== EXERCISE PROMPT ==
When you retype the data, keep every line exactly as it appears.

== DATA PROVIDED ==
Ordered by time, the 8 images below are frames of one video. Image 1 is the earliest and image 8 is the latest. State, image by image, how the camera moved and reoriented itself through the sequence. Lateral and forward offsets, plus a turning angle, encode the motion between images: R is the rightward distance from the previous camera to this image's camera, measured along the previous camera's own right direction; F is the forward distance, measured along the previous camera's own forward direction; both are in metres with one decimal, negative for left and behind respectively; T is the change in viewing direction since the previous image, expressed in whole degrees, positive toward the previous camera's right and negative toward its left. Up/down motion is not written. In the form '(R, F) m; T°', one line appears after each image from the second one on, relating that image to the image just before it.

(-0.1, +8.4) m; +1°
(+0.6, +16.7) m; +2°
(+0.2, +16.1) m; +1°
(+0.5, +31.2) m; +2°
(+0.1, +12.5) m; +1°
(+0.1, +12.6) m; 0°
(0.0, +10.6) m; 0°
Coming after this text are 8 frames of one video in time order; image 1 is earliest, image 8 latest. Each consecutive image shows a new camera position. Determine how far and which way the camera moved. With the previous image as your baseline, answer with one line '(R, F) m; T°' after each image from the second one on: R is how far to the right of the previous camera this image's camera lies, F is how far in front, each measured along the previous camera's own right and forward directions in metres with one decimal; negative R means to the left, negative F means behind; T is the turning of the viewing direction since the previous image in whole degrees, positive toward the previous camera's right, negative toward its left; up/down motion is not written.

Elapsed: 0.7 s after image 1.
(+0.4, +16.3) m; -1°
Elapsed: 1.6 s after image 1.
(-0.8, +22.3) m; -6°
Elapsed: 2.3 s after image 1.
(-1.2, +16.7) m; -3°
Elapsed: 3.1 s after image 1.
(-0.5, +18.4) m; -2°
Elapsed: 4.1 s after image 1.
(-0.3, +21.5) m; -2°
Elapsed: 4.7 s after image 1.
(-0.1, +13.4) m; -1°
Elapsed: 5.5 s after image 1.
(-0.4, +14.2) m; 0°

== TASK ANSWER ==
Ordered by time, the 8 images below are frames of one video. Image 1 is the earliest and image 8 is the latest. State, image by image, how the camera moved and reoriented itself through the sequence. Lateral and forward offsets, plus a turning angle, encode the motion between images: R is the rightward distance from the previous camera to this image's camera, measured along the previous camera's own right direction; F is the forward distance, measured along the previous camera's own forward direction; both are in metres with one decimal, negative for left and behind respectively; T is the change in viewing direction since the previous image, expressed in whole degrees, positive toward the previous camera's right and negative toward its left. Up/down motion is not written. In the form '(R, F) m; T°', one line appears after each image from the second one on, relating that image to the image just before it.

(-0.1, +8.4) m; +1°
(+0.6, +16.7) m; +2°
(+0.2, +16.1) m; +1°
(+0.5, +31.2) m; +2°
(+0.1, +12.5) m; +1°
(+0.1, +12.6) m; 0°
(0.0, +10.6) m; 0°
Coming after this text are 8 frames of one video in time order; image 1 is earliest, image 8 latest. Each consecutive image shows a new camera position. Determine how far and which way the camera moved. With the previous image as your baseline, answer with one line '(R, F) m; T°' after each image from the second one on: R is how far to the right of the previous camera this image's camera lies, F is how far in front, each measured along the previous camera's own right and forward directions in metres with one decimal; negative R means to the left, negative F means behind; T is the turning of the viewing direction since the previous image in whole degrees, positive toward the previous camera's right, negative toward its left; up/down motion is not written.

Elapsed: 0.7 s after image 1.
(+0.4, +16.3) m; -1°
Elapsed: 1.6 s after image 1.
(-0.8, +22.3) m; -6°
Elapsed: 2.3 s after image 1.
(-1.2, +16.7) m; -3°
Elapsed: 3.1 s after image 1.
(-0.5, +18.4) m; -2°
Elapsed: 4.1 s after image 1.
(-0.3, +21.5) m; -2°
Elapsed: 4.7 s after image 1.
(-0.1, +13.4) m; -1°
Elapsed: 5.5 s after image 1.
(-0.4, +14.2) m; 0°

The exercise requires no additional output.